Quanto à gestão da PAC, Paulo do Nascimento Cabral opõe-se a “uma governação centralizada, sublinhando a importância de assegurar uma governação multinível, de gestão partilhada, e com o envolvimento efectivo das autoridades regionais no desenho, implementação, execução e gestão das políticas agrícolas, numa lógica ascendente e de programação descentralizada, baseada no princípio da parceria e em pleno respeito pelo princípio da subsidiariedade”.
Em relação ao novo Programa Horizonte Europa, o Eurodeputado do PSD instou a que a “no contexto da abordagem de Uma Só Saúde, que reconhece a interligação entre a saúde humana, a saúde animal e a saúde ambiental, é fundamental reforçar o investimento na investigação e no desenvolvimento de medidas em matéria de saúde animal, incluindo medidas preventivas, e de contenção, nomeadamente a vacinação, tendo em vista o controlo e a erradicação de doenças, a protecção do bem-estar animal e a resiliência do sector pecuário, devendo ser assegurada, como tal, a disponibilização efectiva, equitativa e atempada dessas vacinas a todos os agricultores”.
Paulo do Nascimento Cabral defendeu ainda que o novo fundo europeu para a competitividade deve “integrar um pilar específico dedicado à resiliência hídrica”, por a considerar “um elemento estruturante da coesão territorial e da viabilidade económica e social do sector agrícola, salientando que uma gestão eficiente, sustentável e integrada dos recursos hídricos constitui condição indispensável para o reforço da competitividade de todas as regiões, incluindo as urbanas, para a adaptação às alterações climáticas e para a garantia da segurança alimentar da União, assegurando simultaneamente a protecção dos ecossistemas e o equilíbrio entre os diversos usos da água”.

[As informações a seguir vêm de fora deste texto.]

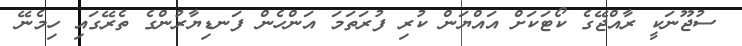
ސުޖޫނަކީ ރާއްޖޭގެ ކޯޓަކަށް އައްޔަން ކުރި ފުރަތަމަ އަންހެން ފަނޑިޔާރުންގެ ތެރޭގައި ހިމެނޭ
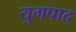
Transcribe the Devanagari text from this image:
युगपाद
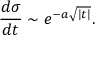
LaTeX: \frac { d \sigma } { d t } \sim e ^ { - a \sqrt { | t | } } .
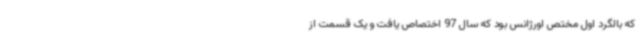
که بالگرد اول مختص اورژانس بود که سال 97 اختصاص یافت و یک قسمت از
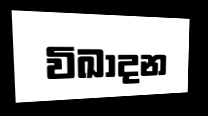
විඛාදන
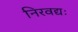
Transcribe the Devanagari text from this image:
निरवद्यः
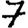
Digit: 7
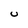
Character: U
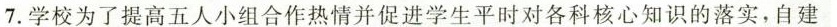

Visando responder à intensificação das alterações climáticas, Paulo do Nascimento Cabral solicitou igualmente a “criação de um mecanismo de resseguro agrícola à escala europeia, destinado a complementar os sistemas nacionais de seguros, tendo em conta a imprevisibilidade e o agravamento dos fenómenos climáticos extremos, sublinhando que este mecanismo é prioritário para reforçar a resiliência do sector agrícola, assegurar a estabilidade do rendimento dos agricultores, mitigar riscos sistémicos e garantir condições equitativas de concorrência no mercado interno, contribuindo simultaneamente para a continuidade da produção agrícola e para a segurança alimentar da União”.
“A submissão deste conjunto de alterações a um ficheiro determinante para a definição do próximo Quadro Financeiro Plurianual demonstra, uma vez mais, a importância atribuída pelo PSD ao sector agrícola. Somos o partido dos agricultores e tudo faremos, no Parlamento Europeu, para garantir que os nossos agricultores dispõem, a partir de 2028, de políticas europeias que os protejam”, concluiu Paulo do Nascimento Cabral.